DEV Community

FastAnchor_io
FastAnchor_io

Posted on

How to Route to 100+ AI Models with a Single API Endpoint

The Problem: API Key Fragmentation Is Real

If you're building AI applications in 2026, you know the pain: 6 different API keys, 6 different billing dashboards, 6 different SDKs. Every time a new model drops, you spend hours integrating it.

I found a solution that changed my workflow: New API — an open-source AI API gateway that routes to 100+ models through a single OpenAI-compatible endpoint.

What Is New API?

New API is an open-source (AGPLv3) gateway that sits between your application and AI model providers. Think of it as a universal translator for AI APIs.

Key Features

  • Single Endpoint: One OpenAI-compatible API routes to GPT-4o, Claude, Gemini, DeepSeek, Qwen, Llama — and any custom model
  • Zero Markup: The managed version (aipossword.cn) charges $0 on top of model pricing
  • Self-Hostable: Docker, 2 minutes. Full control.
  • Auto Failover: If a model goes down, requests auto-route to the next best option
  • Team Ready: RBAC, per-member keys, usage quotas

Quick Start (30 Seconds)

# Your existing OpenAI code — just change the base URL and model
curl https://api.aipossword.cn/v1/chat/completions \
  -H "Authorization: Bearer YOUR_KEY" \
  -H "Content-Type: application/json" \
  -d '{"model":"claude-sonnet-4","messages":[{"role":"user","content":"Hello"}]}'
Enter fullscreen mode Exit fullscreen mode

Switching Models: One Line of Code

This is where the magic happens. Want to compare GPT-4o vs Claude vs DeepSeek? Just change the model string:

from openai import OpenAI

client = OpenAI(
    api_key="YOUR_KEY",
    base_url="https://api.aipossword.cn/v1"
)

# Try GPT-4o
response = client.chat.completions.create(
    model="gpt-4o",
    messages=[{"role":"user","content":"Hello"}]
)

# Now try Claude — same code, different model
response = client.chat.completions.create(
    model="claude-sonnet-4-20250514",
    messages=[{"role":"user","content":"Hello"}]
)
Enter fullscreen mode Exit fullscreen mode

Real-World Use Cases

  1. Cost Optimization: Route simple queries to cheap models (Qwen at $0.10/1M tokens) and complex ones to frontier models
  2. Multi-Provider Redundancy: Set up fallback chains — if OpenAI is down, auto-switch to Claude
  3. Team Billing: One invoice, per-member usage tracking, no more expense report nightmares
  4. Local + Cloud Hybrid: Route to your local Ollama instance for dev, fall back to cloud for production

Self-Hosted vs Managed

Feature Self-Hosted Managed (aipossword.cn)
Setup Docker, 2 min Instant
Models Bring your keys Pre-configured
Billing DIY USD, Stripe
Cost Server costs Model price + $0

Why I Recommend It

I've been using New API in production for a few weeks. The auto-failover has saved me twice when providers went down. The zero-markup pricing means I'm not paying extra for convenience — I pay exactly what the model costs.
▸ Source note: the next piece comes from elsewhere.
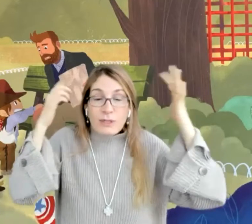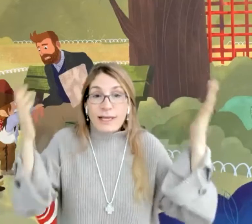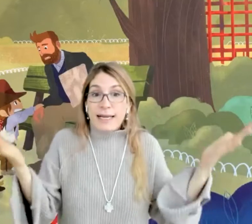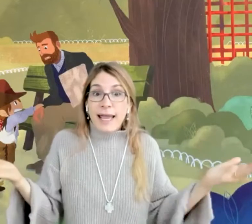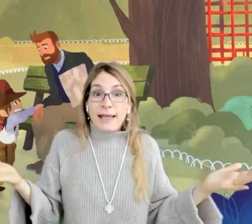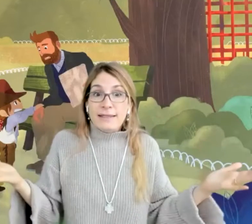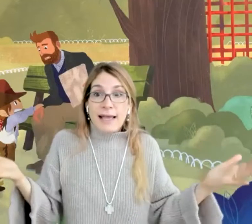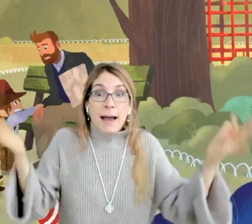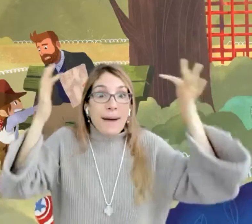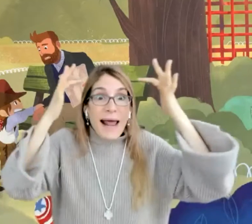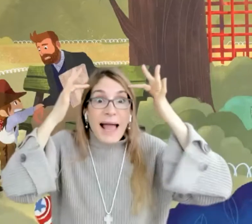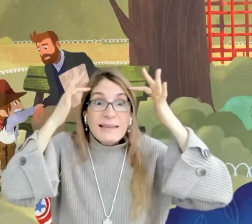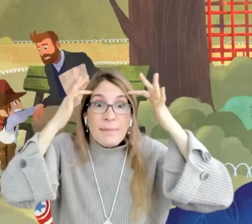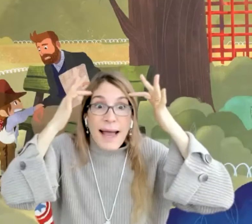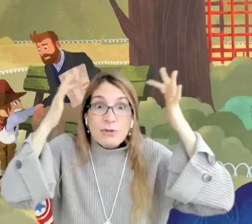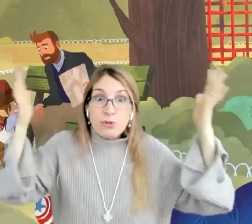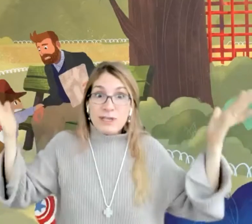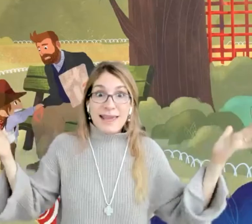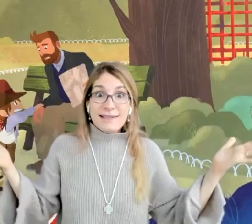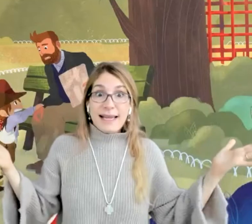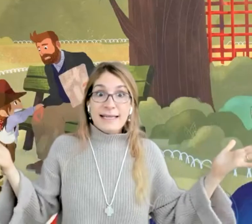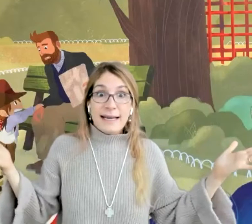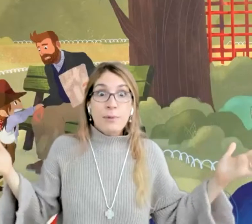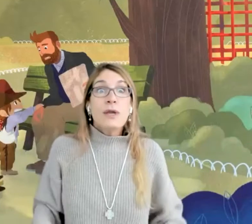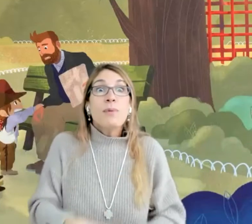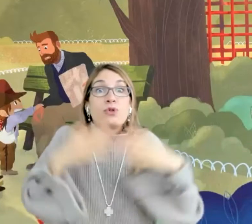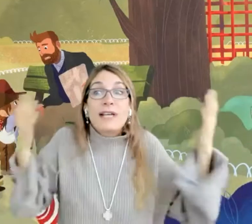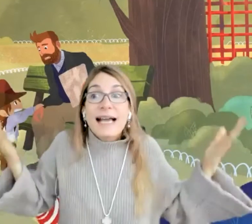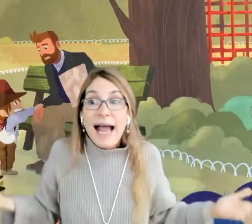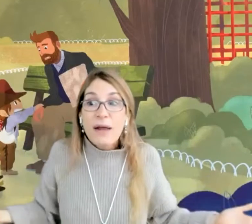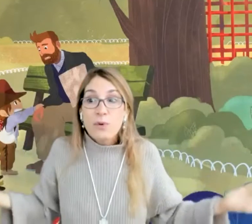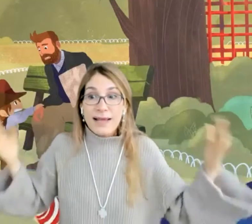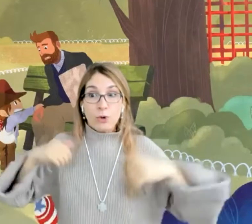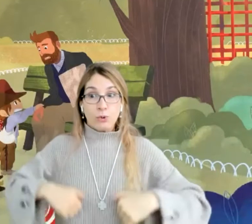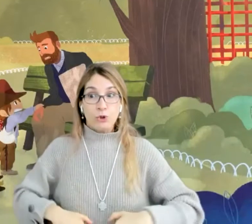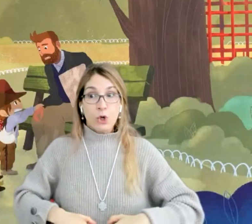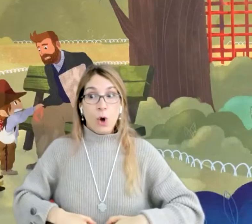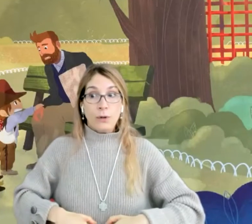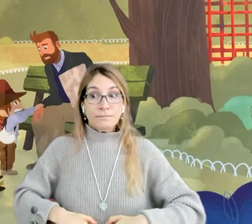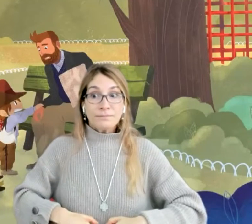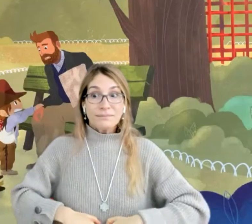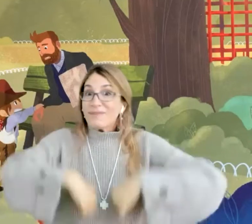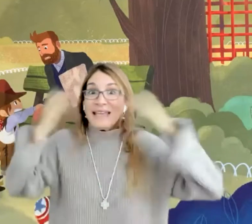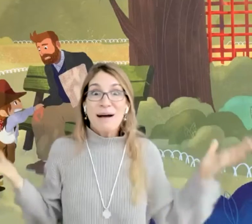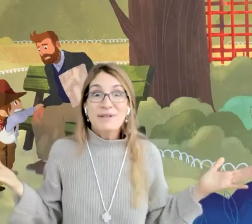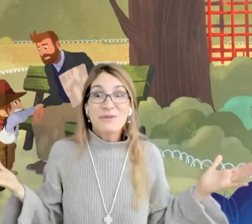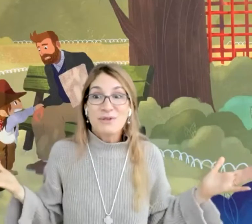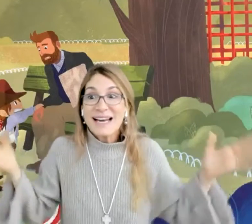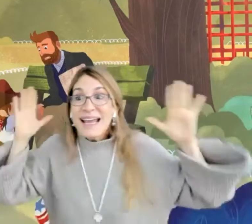su inteligencia. Para activar sus ideas en el cerebro y buscar una solución. Y vamos a escuchar

The open-source nature (AGPLv3) gives me confidence. I can audit the code, self-host if I want, and never worry about vendor lock-in.

Get Started

One endpoint. Every model. Zero friction.
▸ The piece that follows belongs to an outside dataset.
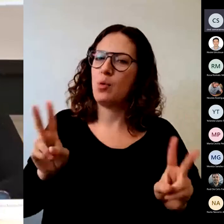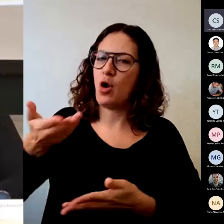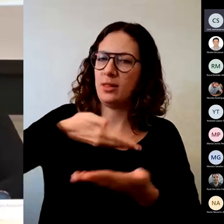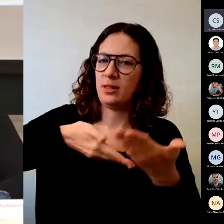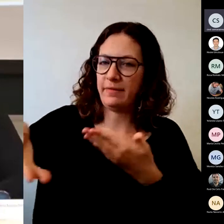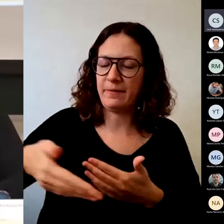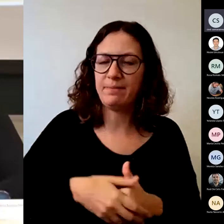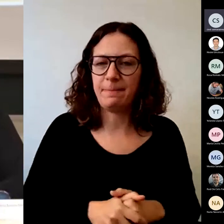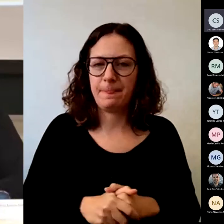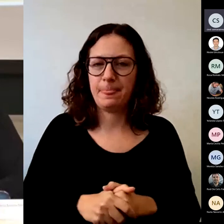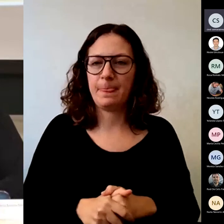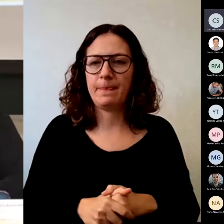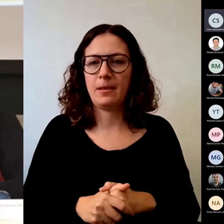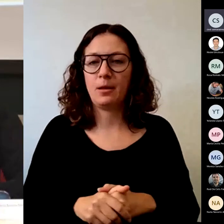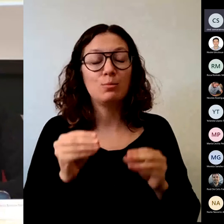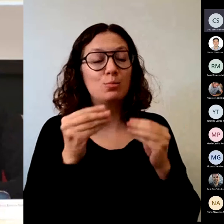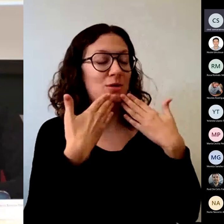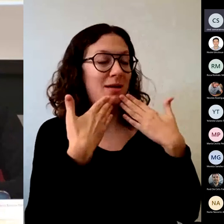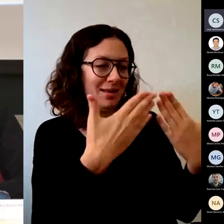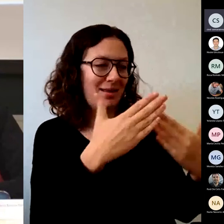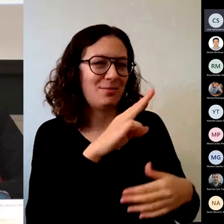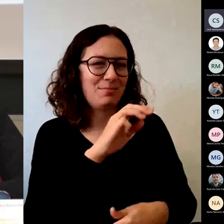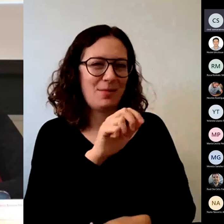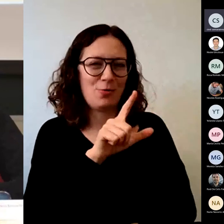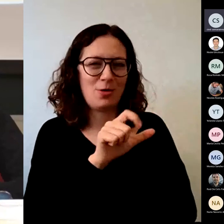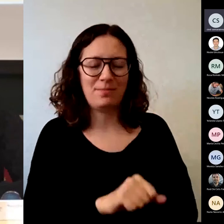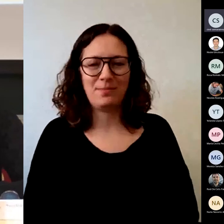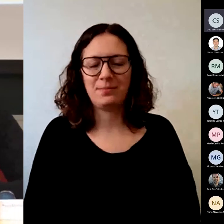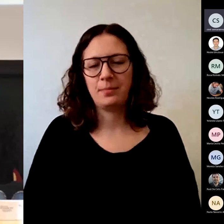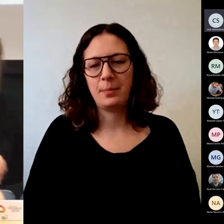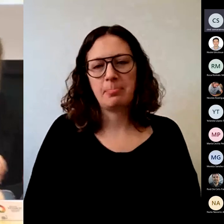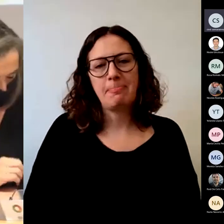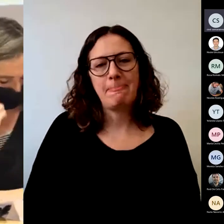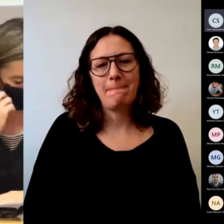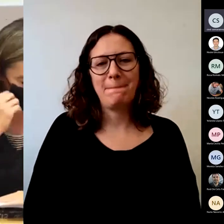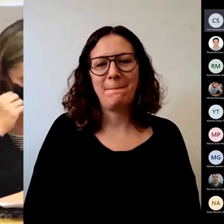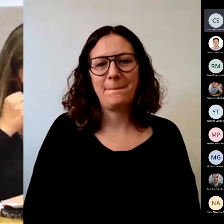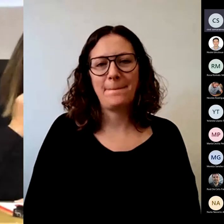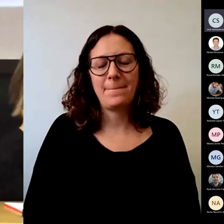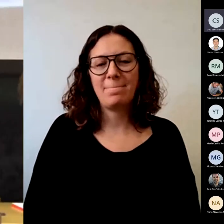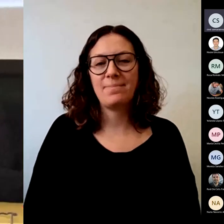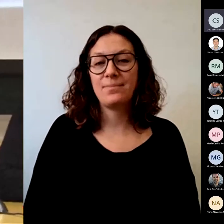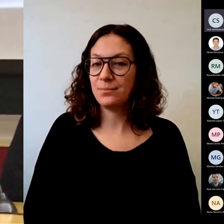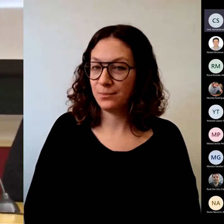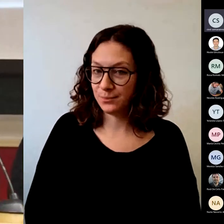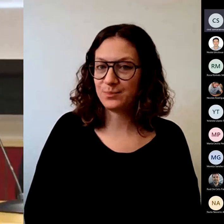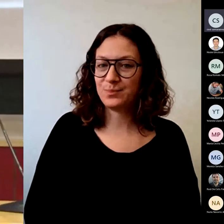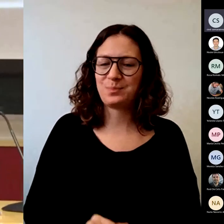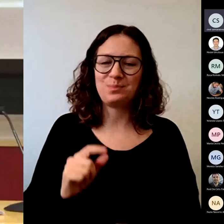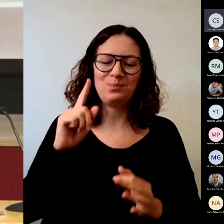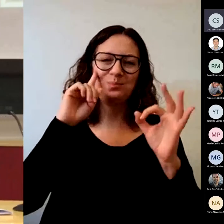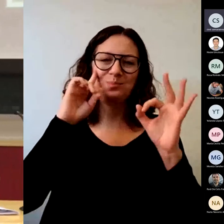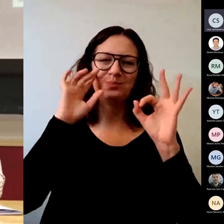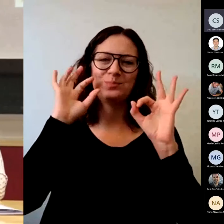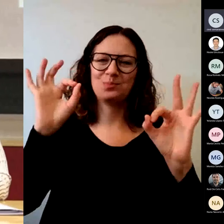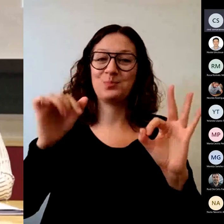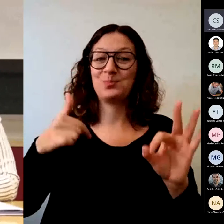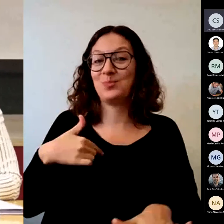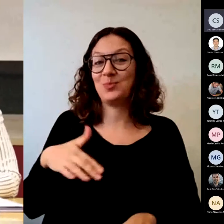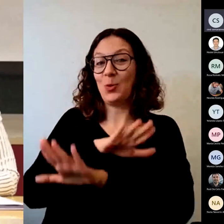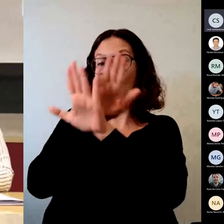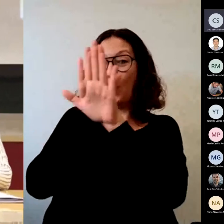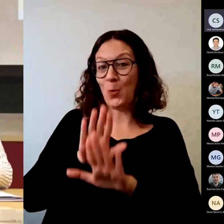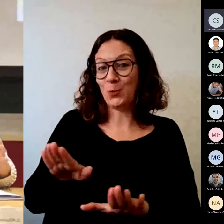muchas gracias Paula bien pues evidentemente el hablar la última tiene

Have you tried API gateways for AI models? What's your setup? Let me know in the comments!

Top comments (1)

Collapse
 
fastanchor_io profile image
FastAnchor_io

This architecture solves a massive integration headache, though it brings a set of hidden observability challenges we’ve covered in earlier threads.
Exposing 100+ heterogeneous LLMs under one unified endpoint drastically simplifies client integration, but it amplifies cost and monitoring blind spots. Without strict per-model routing tagging, baseline tracking breaks entirely — config tweaks to routing weights, fallback logic or priority tiers will silently shift monthly spend, and most dashboards won’t trigger automatic recalibration for those changes.
Another critical pain point: blast-radius alert tiering becomes far harder to enforce at scale. Every team will argue their target model workload deserves an exception to standardized severity rules, gradually eroding your entire alert framework. Also, paired versioning between meta-evaluators and individual models becomes unwieldy when managing this many variants; unaligned evaluator drift will corrupt all your unified quality signals.
Curious how you handle two core pieces:
1.Automated baseline resets whenever routing configs are updated;
2.Mandatory evidence review for teams requesting custom alert exceptions for specific models.